#### [Work instruction]
Your answer must be the records below repeated word for word, with no pictures in it.

#### [Data shown]
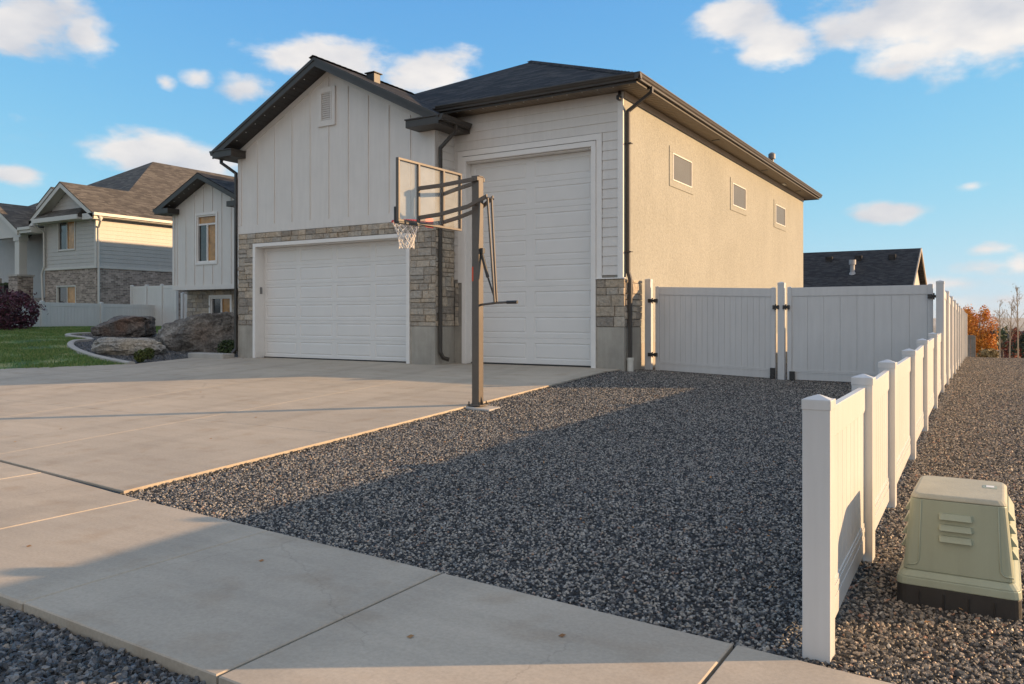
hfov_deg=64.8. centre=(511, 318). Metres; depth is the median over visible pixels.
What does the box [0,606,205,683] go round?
gravel verge
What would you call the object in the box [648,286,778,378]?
gate
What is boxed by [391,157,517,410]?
basketball hoop
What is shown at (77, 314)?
vinyl fence
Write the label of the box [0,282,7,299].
planter pot
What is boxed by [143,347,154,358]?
shrub
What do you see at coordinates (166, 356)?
planter bed
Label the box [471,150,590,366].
tall garage door
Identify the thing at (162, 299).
vinyl fence
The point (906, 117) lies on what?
sky
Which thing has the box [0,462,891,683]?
sidewalk
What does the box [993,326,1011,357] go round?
valley tree
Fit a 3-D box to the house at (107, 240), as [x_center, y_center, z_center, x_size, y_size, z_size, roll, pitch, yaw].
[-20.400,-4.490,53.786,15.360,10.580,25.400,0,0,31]
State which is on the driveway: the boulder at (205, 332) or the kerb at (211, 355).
the kerb at (211, 355)
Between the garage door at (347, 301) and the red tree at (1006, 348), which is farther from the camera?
the red tree at (1006, 348)
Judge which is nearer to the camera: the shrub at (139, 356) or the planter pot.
the shrub at (139, 356)
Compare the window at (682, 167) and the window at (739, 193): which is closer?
the window at (682, 167)
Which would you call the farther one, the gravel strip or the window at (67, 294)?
the window at (67, 294)
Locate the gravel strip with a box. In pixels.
[793,356,1023,683]
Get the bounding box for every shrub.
[0,286,47,330]
[133,349,146,362]
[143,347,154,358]
[217,339,237,353]
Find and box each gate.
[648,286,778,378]
[783,284,935,381]
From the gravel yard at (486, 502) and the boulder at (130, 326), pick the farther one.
the boulder at (130, 326)
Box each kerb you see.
[65,332,134,363]
[188,352,233,358]
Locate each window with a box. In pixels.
[56,285,75,302]
[57,221,74,251]
[195,211,217,264]
[209,295,231,312]
[673,153,691,187]
[733,183,745,209]
[776,204,785,226]
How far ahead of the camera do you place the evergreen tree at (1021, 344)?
74.62 m
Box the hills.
[933,318,1023,325]
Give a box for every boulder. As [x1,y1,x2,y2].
[91,315,155,336]
[91,337,166,355]
[155,311,238,352]
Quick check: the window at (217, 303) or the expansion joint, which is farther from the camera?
the window at (217, 303)
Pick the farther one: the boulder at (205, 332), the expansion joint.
the boulder at (205, 332)
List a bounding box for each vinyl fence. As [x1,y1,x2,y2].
[0,300,156,326]
[130,284,177,325]
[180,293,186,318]
[801,280,966,663]
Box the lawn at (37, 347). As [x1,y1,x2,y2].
[0,325,161,368]
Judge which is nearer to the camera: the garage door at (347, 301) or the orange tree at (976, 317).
the garage door at (347, 301)
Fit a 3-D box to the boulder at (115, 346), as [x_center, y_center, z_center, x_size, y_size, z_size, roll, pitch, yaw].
[-11.104,0.863,23.509,2.164,0.623,1.282,2,0,0]
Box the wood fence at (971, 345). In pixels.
[967,335,975,356]
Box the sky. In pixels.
[0,0,1023,317]
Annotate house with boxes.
[0,162,233,325]
[153,55,822,370]
[803,248,926,286]
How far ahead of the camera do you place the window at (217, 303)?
28.73 m
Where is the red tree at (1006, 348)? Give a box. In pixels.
[1001,327,1023,357]
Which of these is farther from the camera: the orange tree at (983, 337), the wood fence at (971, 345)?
the orange tree at (983, 337)
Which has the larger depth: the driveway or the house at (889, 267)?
the house at (889, 267)
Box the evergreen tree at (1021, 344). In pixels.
[1008,333,1023,357]
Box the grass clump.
[976,347,998,357]
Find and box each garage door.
[264,240,405,362]
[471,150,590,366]
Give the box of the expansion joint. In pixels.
[2,462,122,494]
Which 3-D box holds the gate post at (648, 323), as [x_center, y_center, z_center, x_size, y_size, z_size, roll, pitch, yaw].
[3.013,0.212,17.781,0.141,2.175,0.141,0,0,31]
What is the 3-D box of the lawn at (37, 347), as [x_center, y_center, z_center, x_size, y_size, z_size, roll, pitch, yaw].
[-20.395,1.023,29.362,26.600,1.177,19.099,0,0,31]
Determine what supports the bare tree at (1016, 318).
on the gravel strip
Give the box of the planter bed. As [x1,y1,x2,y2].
[75,333,237,363]
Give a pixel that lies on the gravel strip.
(882, 633)
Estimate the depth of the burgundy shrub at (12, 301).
31.16 m
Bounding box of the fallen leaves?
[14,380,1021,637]
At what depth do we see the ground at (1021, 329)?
3445.97 m
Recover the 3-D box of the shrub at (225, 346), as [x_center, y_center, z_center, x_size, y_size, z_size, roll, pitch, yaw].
[-8.168,0.854,23.264,0.649,0.511,0.643,0,0,-13]
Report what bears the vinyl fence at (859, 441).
on the gravel strip
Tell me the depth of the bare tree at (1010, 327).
35.29 m
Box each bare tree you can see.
[992,299,1005,357]
[1002,299,1016,357]
[1008,284,1023,357]
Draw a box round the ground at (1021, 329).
[733,326,1023,648]
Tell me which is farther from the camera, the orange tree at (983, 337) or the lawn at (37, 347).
the orange tree at (983, 337)
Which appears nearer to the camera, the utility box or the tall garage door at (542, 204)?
the utility box
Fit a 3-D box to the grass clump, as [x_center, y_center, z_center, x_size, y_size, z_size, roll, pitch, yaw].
[22.852,1.794,38.749,1.049,0.788,0.907,0,0,31]
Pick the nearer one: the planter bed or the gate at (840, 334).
the gate at (840, 334)
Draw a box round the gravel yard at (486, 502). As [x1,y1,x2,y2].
[122,362,960,659]
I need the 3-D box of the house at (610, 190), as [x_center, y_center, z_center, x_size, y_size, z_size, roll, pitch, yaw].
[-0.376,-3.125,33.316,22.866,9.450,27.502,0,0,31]
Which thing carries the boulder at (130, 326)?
on the planter bed
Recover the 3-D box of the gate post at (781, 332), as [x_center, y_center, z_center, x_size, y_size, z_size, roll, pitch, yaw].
[5.445,0.333,16.299,0.136,2.135,0.136,0,0,31]
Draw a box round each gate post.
[645,278,652,369]
[777,282,785,379]
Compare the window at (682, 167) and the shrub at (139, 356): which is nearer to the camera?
the window at (682, 167)
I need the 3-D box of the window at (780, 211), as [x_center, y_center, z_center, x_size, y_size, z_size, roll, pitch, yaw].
[9.621,-3.677,29.013,0.090,0.665,1.440,0,0,31]
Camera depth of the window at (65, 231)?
41.43 m
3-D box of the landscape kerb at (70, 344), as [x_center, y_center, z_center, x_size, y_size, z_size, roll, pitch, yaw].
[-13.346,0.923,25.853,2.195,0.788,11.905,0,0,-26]
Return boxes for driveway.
[0,357,619,493]
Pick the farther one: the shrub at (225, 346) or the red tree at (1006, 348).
the red tree at (1006, 348)
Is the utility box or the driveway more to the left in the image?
the driveway
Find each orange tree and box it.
[963,304,978,330]
[964,305,998,354]
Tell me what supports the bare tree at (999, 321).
on the gravel strip
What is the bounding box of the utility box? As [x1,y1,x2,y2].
[897,475,1021,620]
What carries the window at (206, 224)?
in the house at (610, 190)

#### [Expected answer]
hfov_deg=64.8. centre=(511, 318). Metres; depth is the median over visible pixels.
What does the box [0,606,205,683] go round?
gravel verge
What would you call the object in the box [648,286,778,378]?
gate
What is boxed by [391,157,517,410]?
basketball hoop
What is shown at (77, 314)?
vinyl fence
Write the label of the box [0,282,7,299].
planter pot
What is boxed by [143,347,154,358]?
shrub
What do you see at coordinates (166, 356)?
planter bed
Label the box [471,150,590,366].
tall garage door
Identify the thing at (162, 299).
vinyl fence
The point (906, 117) lies on what?
sky
Which thing has the box [0,462,891,683]?
sidewalk
What does the box [993,326,1011,357] go round?
valley tree
Fit a 3-D box to the house at (107, 240), as [x_center, y_center, z_center, x_size, y_size, z_size, roll, pitch, yaw].
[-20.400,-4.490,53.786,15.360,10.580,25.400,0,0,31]
State which is on the driveway: the boulder at (205, 332) or the kerb at (211, 355).
the kerb at (211, 355)
Between the garage door at (347, 301) and the red tree at (1006, 348), which is farther from the camera?
the red tree at (1006, 348)
Judge which is nearer to the camera: the shrub at (139, 356) or the planter pot.
the shrub at (139, 356)
Compare the window at (682, 167) and the window at (739, 193): which is closer?
the window at (682, 167)
Which would you call the farther one, the gravel strip or the window at (67, 294)?
the window at (67, 294)
Locate the gravel strip with a box. In pixels.
[793,356,1023,683]
Get the bounding box for every shrub.
[0,286,47,330]
[133,349,146,362]
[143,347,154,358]
[217,339,237,353]
Find and box each gate.
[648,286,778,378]
[783,284,935,381]
From the gravel yard at (486, 502) and the boulder at (130, 326), pick the farther one.
the boulder at (130, 326)
Box each kerb you see.
[65,332,134,363]
[188,352,233,358]
Locate each window with a box. In pixels.
[56,285,75,302]
[57,221,74,251]
[195,211,217,264]
[209,295,231,312]
[673,153,691,187]
[733,183,745,209]
[776,204,785,226]
How far ahead of the camera do you place the evergreen tree at (1021, 344)?
74.62 m
Box the hills.
[933,318,1023,325]
Give a box for every boulder. As [x1,y1,x2,y2].
[91,315,155,336]
[91,337,166,355]
[155,311,238,352]
Quick check: the window at (217, 303) or the expansion joint, which is farther from the camera?
the window at (217, 303)
Pick the farther one: the boulder at (205, 332), the expansion joint.
the boulder at (205, 332)
List a bounding box for each vinyl fence. As [x1,y1,x2,y2].
[0,300,156,326]
[130,284,177,325]
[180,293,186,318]
[801,280,966,663]
Box the lawn at (37, 347). As [x1,y1,x2,y2].
[0,325,161,368]
Judge which is nearer to the camera: the garage door at (347, 301) or the orange tree at (976, 317).
the garage door at (347, 301)
Fit a 3-D box to the boulder at (115, 346), as [x_center, y_center, z_center, x_size, y_size, z_size, roll, pitch, yaw].
[-11.104,0.863,23.509,2.164,0.623,1.282,2,0,0]
Box the wood fence at (971, 345). In pixels.
[967,335,975,356]
Box the sky. In pixels.
[0,0,1023,317]
Annotate house with boxes.
[0,162,233,325]
[153,55,822,370]
[803,248,926,286]
How far ahead of the camera do you place the window at (217, 303)?
28.73 m
Where is the red tree at (1006, 348)? Give a box. In pixels.
[1001,327,1023,357]
Which of these is farther from the camera: the orange tree at (983, 337), the wood fence at (971, 345)?
the orange tree at (983, 337)
Which has the larger depth: the driveway or the house at (889, 267)?
the house at (889, 267)
Box the evergreen tree at (1021, 344). In pixels.
[1008,333,1023,357]
Box the grass clump.
[976,347,998,357]
Find and box each garage door.
[264,240,405,362]
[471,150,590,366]
Give the box of the expansion joint. In pixels.
[2,462,122,494]
Which 3-D box holds the gate post at (648, 323), as [x_center, y_center, z_center, x_size, y_size, z_size, roll, pitch, yaw].
[3.013,0.212,17.781,0.141,2.175,0.141,0,0,31]
What is the 3-D box of the lawn at (37, 347), as [x_center, y_center, z_center, x_size, y_size, z_size, roll, pitch, yaw].
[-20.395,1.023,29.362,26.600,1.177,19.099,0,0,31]
Determine what supports the bare tree at (1016, 318).
on the gravel strip
Give the box of the planter bed. As [x1,y1,x2,y2].
[75,333,237,363]
Give a pixel that lies on the gravel strip.
(882, 633)
Estimate the depth of the burgundy shrub at (12, 301).
31.16 m
Bounding box of the fallen leaves?
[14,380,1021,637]
At what depth do we see the ground at (1021, 329)?
3445.97 m
Recover the 3-D box of the shrub at (225, 346), as [x_center, y_center, z_center, x_size, y_size, z_size, roll, pitch, yaw].
[-8.168,0.854,23.264,0.649,0.511,0.643,0,0,-13]
Report what bears the vinyl fence at (859, 441).
on the gravel strip
Tell me the depth of the bare tree at (1010, 327).
35.29 m
Box each bare tree you can see.
[992,299,1005,357]
[1002,299,1016,357]
[1008,284,1023,357]
Draw a box round the ground at (1021, 329).
[733,326,1023,648]
Tell me which is farther from the camera, the orange tree at (983, 337) or the lawn at (37, 347).
the orange tree at (983, 337)
Which appears nearer to the camera, the utility box or the tall garage door at (542, 204)?
the utility box
Fit a 3-D box to the grass clump, as [x_center, y_center, z_center, x_size, y_size, z_size, roll, pitch, yaw].
[22.852,1.794,38.749,1.049,0.788,0.907,0,0,31]
Pick the nearer one: the planter bed or the gate at (840, 334).
the gate at (840, 334)
Draw a box round the gravel yard at (486, 502). As [x1,y1,x2,y2].
[122,362,960,659]
I need the 3-D box of the house at (610, 190), as [x_center, y_center, z_center, x_size, y_size, z_size, roll, pitch, yaw].
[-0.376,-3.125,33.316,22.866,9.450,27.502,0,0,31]
Which thing carries the boulder at (130, 326)?
on the planter bed
Recover the 3-D box of the gate post at (781, 332), as [x_center, y_center, z_center, x_size, y_size, z_size, roll, pitch, yaw].
[5.445,0.333,16.299,0.136,2.135,0.136,0,0,31]
Draw a box round each gate post.
[645,278,652,369]
[777,282,785,379]
Compare the window at (682, 167) and the shrub at (139, 356): which is nearer to the camera?
the window at (682, 167)
I need the 3-D box of the window at (780, 211), as [x_center, y_center, z_center, x_size, y_size, z_size, roll, pitch, yaw].
[9.621,-3.677,29.013,0.090,0.665,1.440,0,0,31]
Camera depth of the window at (65, 231)?
41.43 m
3-D box of the landscape kerb at (70, 344), as [x_center, y_center, z_center, x_size, y_size, z_size, roll, pitch, yaw].
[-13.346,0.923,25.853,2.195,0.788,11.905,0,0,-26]
Return boxes for driveway.
[0,357,619,493]
Pick the farther one: the shrub at (225, 346) or the red tree at (1006, 348).
the red tree at (1006, 348)
Is the utility box or the driveway more to the left in the image?
the driveway
Find each orange tree and box it.
[963,304,978,330]
[964,305,998,354]
Tell me what supports the bare tree at (999, 321).
on the gravel strip
What is the bounding box of the utility box? As [x1,y1,x2,y2].
[897,475,1021,620]
What carries the window at (206, 224)?
in the house at (610, 190)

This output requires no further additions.